98g (0.4mol) of the compound of the formula II (intermediate 2) obtained by the above-mentioned method was dissolved in 500mL of an anhydrous methanol solvent, and 53g of trimethyl orthoformate (0.5mol) and p-toluenesulfonic acid (0.02mol) were added thereto, followed by heating to 50 to 60 ℃ to carry out a reaction for 2 hours.

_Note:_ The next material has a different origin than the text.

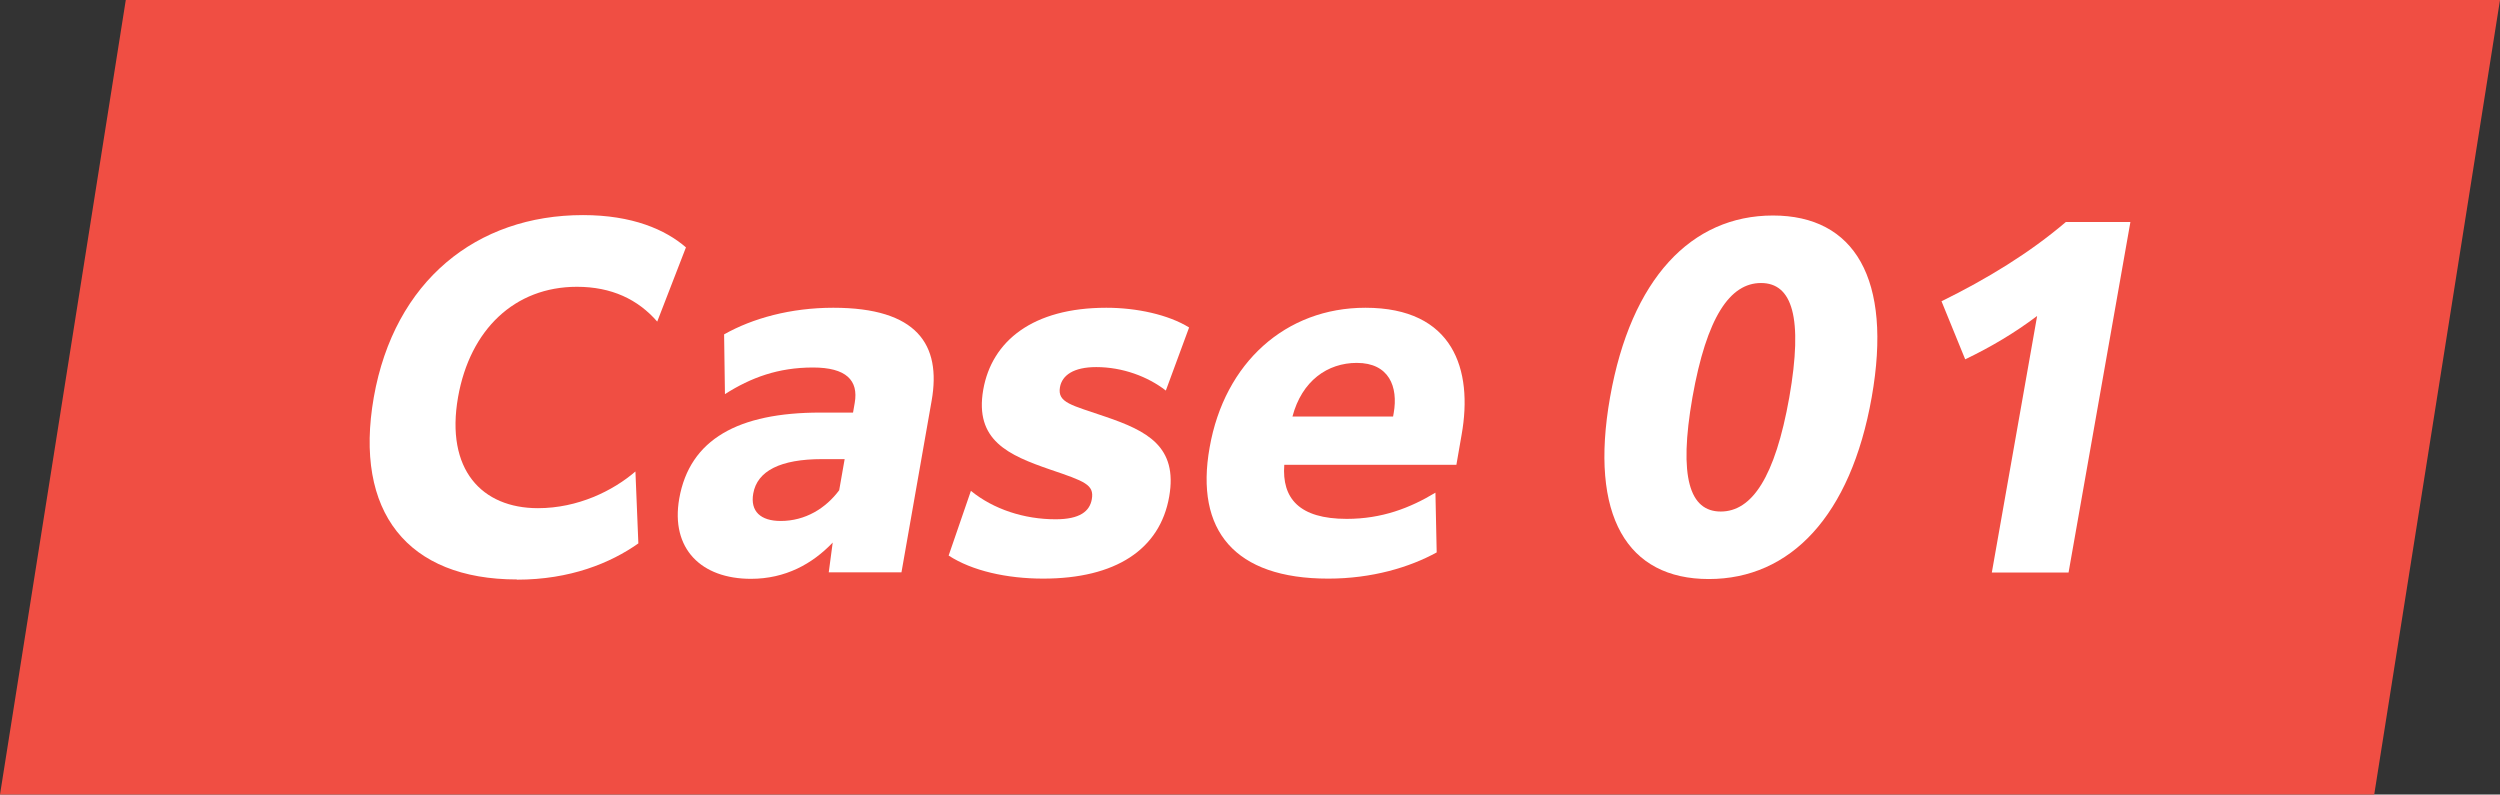 <?xml version="1.0" encoding="UTF-8"?><svg id="_レイヤー_2" xmlns="http://www.w3.org/2000/svg" viewBox="0 0 119.25 37.9"><rect x="0" y="0" width="119.25" height="37.9" fill="#333333" stroke="none"/><defs><style>.cls-1{fill:#fff;}.cls-1,.cls-2{stroke-width:0px;}.cls-2{fill:#f04e43;}</style></defs><g id="_レイヤー_1-2"><polygon class="cls-2" points="113.25 37.9 0 37.9 6 0 119.25 0 113.25 37.9"/><path class="cls-1" d="M24.66,27.64c-5.22,0-7.79-3.22-6.83-8.69.98-5.55,4.9-8.69,9.98-8.69,2.35,0,3.93.69,4.91,1.54l-1.37,3.54c-.92-1.06-2.18-1.66-3.83-1.66-2.97,0-5.1,2.04-5.67,5.26-.61,3.47,1.14,5.3,3.81,5.3,1.91,0,3.58-.83,4.65-1.75l.14,3.43c-1.33.94-3.26,1.73-5.79,1.73Z"/><path class="cls-1" d="M39.53,27.31l.19-1.43c-.97,1.02-2.26,1.73-3.9,1.73-2.37,0-3.84-1.43-3.42-3.83.5-2.83,2.82-4.1,6.73-4.1h1.56l.08-.46c.19-1.08-.41-1.69-1.99-1.69-1.66,0-2.96.48-4.2,1.27l-.04-2.85c1.36-.77,3.18-1.27,5.21-1.27,3.99,0,5.16,1.75,4.69,4.43l-1.44,8.19h-3.47ZM40.03,23.38l.26-1.48h-1.08c-1.98,0-3.09.56-3.28,1.64-.15.85.35,1.31,1.31,1.31,1.17,0,2.15-.6,2.8-1.48Z"/><path class="cls-1" d="M46.32,23.42c1.07.87,2.53,1.35,4.03,1.35,1.16,0,1.63-.38,1.73-.96.12-.69-.33-.85-1.98-1.41-2-.69-3.62-1.39-3.2-3.81.41-2.33,2.37-3.91,5.87-3.91,1.46,0,2.96.33,3.95.94l-1.11,3.01c-.86-.67-2.07-1.12-3.32-1.12-1.08,0-1.63.39-1.73.96-.13.75.56.85,2.18,1.41,1.96.67,3.45,1.41,3.03,3.81-.44,2.52-2.56,3.91-6.01,3.91-1.73,0-3.39-.37-4.51-1.1l1.06-3.08Z"/><path class="cls-1" d="M63.35,27.6c-4.45,0-6.36-2.29-5.65-6.26.71-4.04,3.63-6.66,7.43-6.66,4.2,0,5.14,2.95,4.59,6.05l-.25,1.44h-8.21c-.12,1.6.71,2.58,2.98,2.58,1.68,0,3.02-.52,4.23-1.25l.06,2.85c-1.29.71-3.09,1.25-5.17,1.25ZM61.65,19.87h4.8l.03-.17c.22-1.25-.22-2.39-1.76-2.39-1.39,0-2.62.85-3.07,2.56Z"/><path class="cls-1" d="M76.8,18.95c1-5.66,3.88-8.67,7.77-8.67s5.71,3.02,4.71,8.67c-1,5.66-3.88,8.67-7.77,8.67s-5.71-3.01-4.71-8.67ZM85.35,18.95c.67-3.83.13-5.45-1.35-5.45s-2.59,1.62-3.27,5.45c-.67,3.83-.13,5.45,1.35,5.45s2.59-1.62,3.27-5.45Z"/><path class="cls-1" d="M97.16,15.08c-1.05.79-2.17,1.46-3.42,2.06l-1.13-2.77c2.16-1.06,4.21-2.31,5.93-3.78h3.08l-2.95,16.72h-3.66l2.16-12.23Z"/></g></svg>

After the reaction is finished, carrying out reduced pressure distillation to recover methanol and trimethyl orthoformate, distilling until no liquid flows out, adding 600mL of dichloromethane and 200mL of water into the solid concentrate, fully stirring, standing for layering, carrying out normal pressure distillation on the collected organic phase to recover the solvent, adding 200mL of isopropanol into the residue for fully pulping, filtering to obtain a filter cake, leaching the filter cake with a little isopropanol, and drying the obtained wet product at 50 ℃ under a vacuum condition for 5-6h to obtain 99g (the yield is 85%) of the intermediate compound III (the intermediate 3 a).

¹H-NMR(400MHz,CDCl₃)δ8.35(d,J＝7.4Hz,1H)，7.41(s,1H)，7.26(s,1H),7.07(t,J＝9.6Hz,1H)，4.36(q,J＝6.7Hz,1H)，3.34(s,3H)，3.20(s,3H)，2.21(s,3H)，1.33(d,J＝6.7Hz,3H)。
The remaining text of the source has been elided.